LAVA: Explainability for Unsupervised Latent Embeddings
Ivan Stresec, Joana P. Gonçalves
TL;DR
LAVA tackles explainability for unsupervised latent embeddings by linking local embedding organization to input feature covariation. It defines probe-centered localities in latent space, represents localities with pairwise feature correlations, and extracts recurring correlation modules via Association Matrix Factorization, yielding stable, granular explanations at user-controlled granularity.

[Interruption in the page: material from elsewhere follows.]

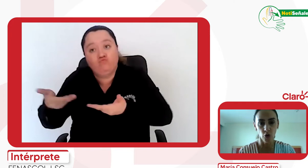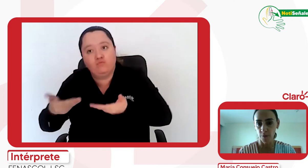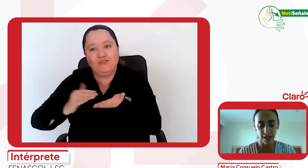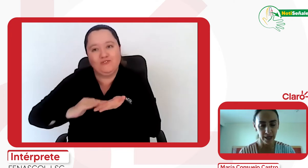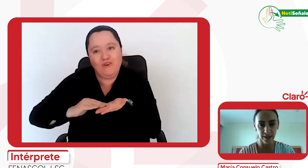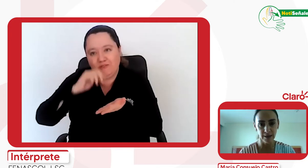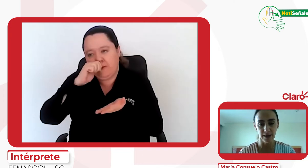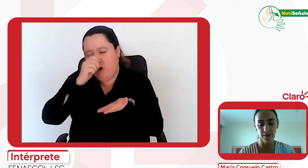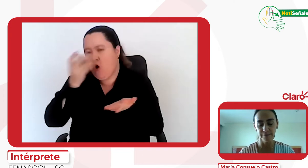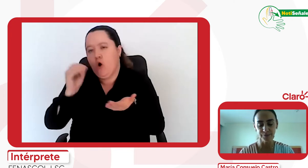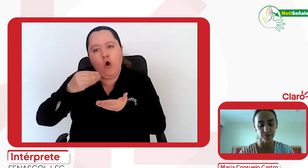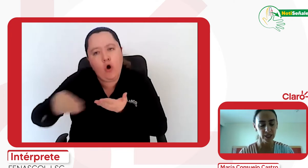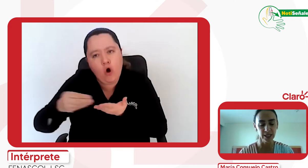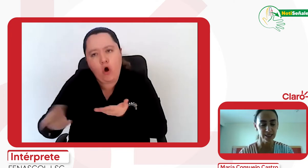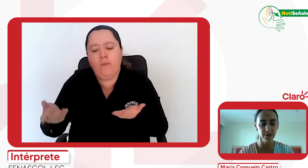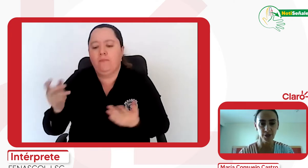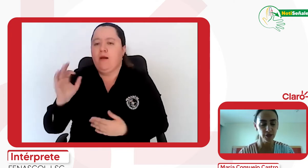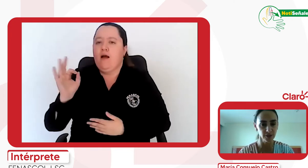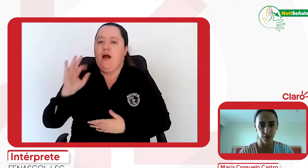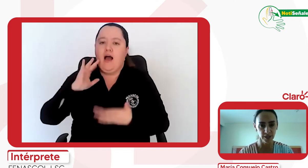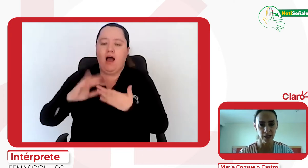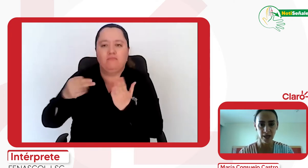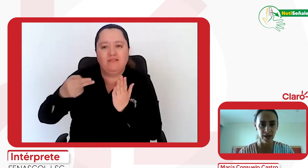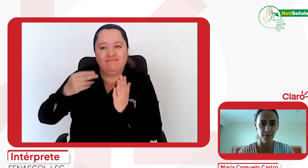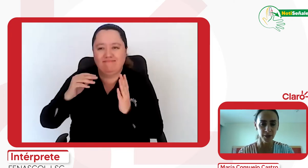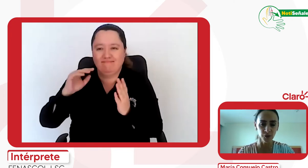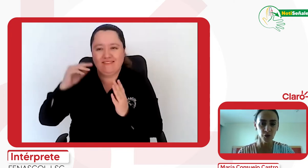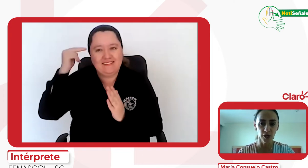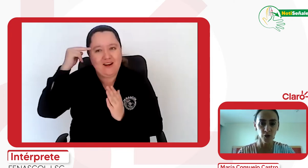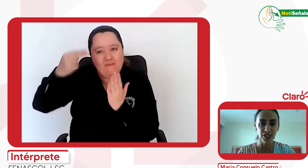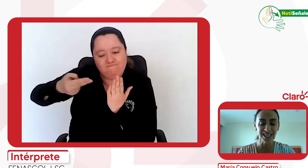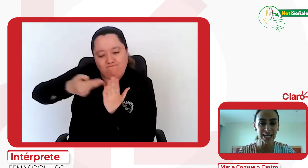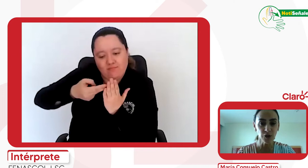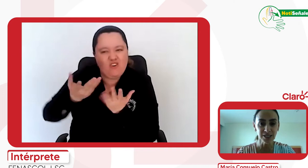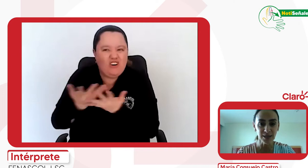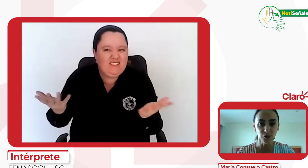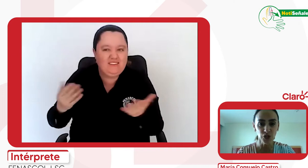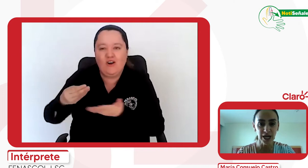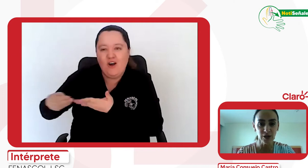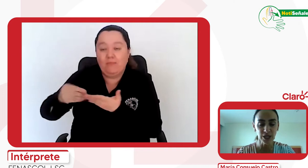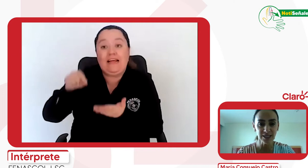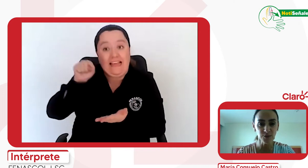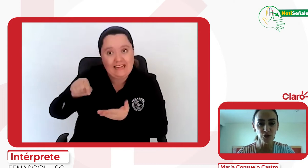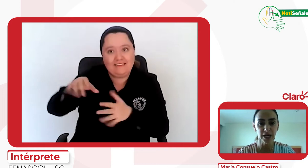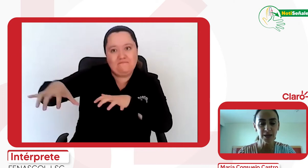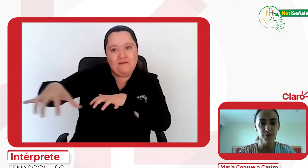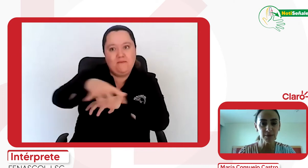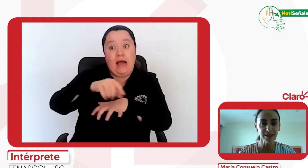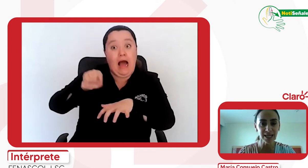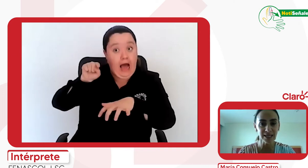compra de SIM cards o de, perdón, o de cosas. Y ahí lo que hicimos fue implementar la

The approach is demonstrated on MNIST and KPMP single-cell gene expression embeddings, uncovering visually meaningful pixel subpatterns and disease-associated gene correlations, and is shown to be robust against hyperparameter choices and competing explainability frameworks. Overall, LAVA provides a model-agnostic, post-hoc tool that expands interpretability and knowledge discovery in unsupervised manifold learning.
Abstract
Unsupervised black-box models are drivers of scientific discovery, yet are difficult to interpret, as their output is often a multidimensional embedding rather than a well-defined target. While explainability for supervised learning uncovers how input features contribute to predictions, its unsupervised counterpart should relate input features to the structure of the learned embeddings. However, adaptations of supervised model explainability for unsupervised learning provide either single-sample or dataset-summary explanations, remaining too fine-grained or reductive to be meaningful, and cannot explain embeddings without mapping functions. To bridge this gap, we propose LAVA, a post-hoc model-agnostic method to explain local embedding organization through feature covariation in the original input data. LAVA explanations comprise modules, capturing local subpatterns of input feature correlation that reoccur globally across the embeddings. LAVA delivers stable explanations at a desired level of granularity, revealing domain-relevant patterns such as visual parts of images or disease signals in cellular processes, otherwise missed by existing methods.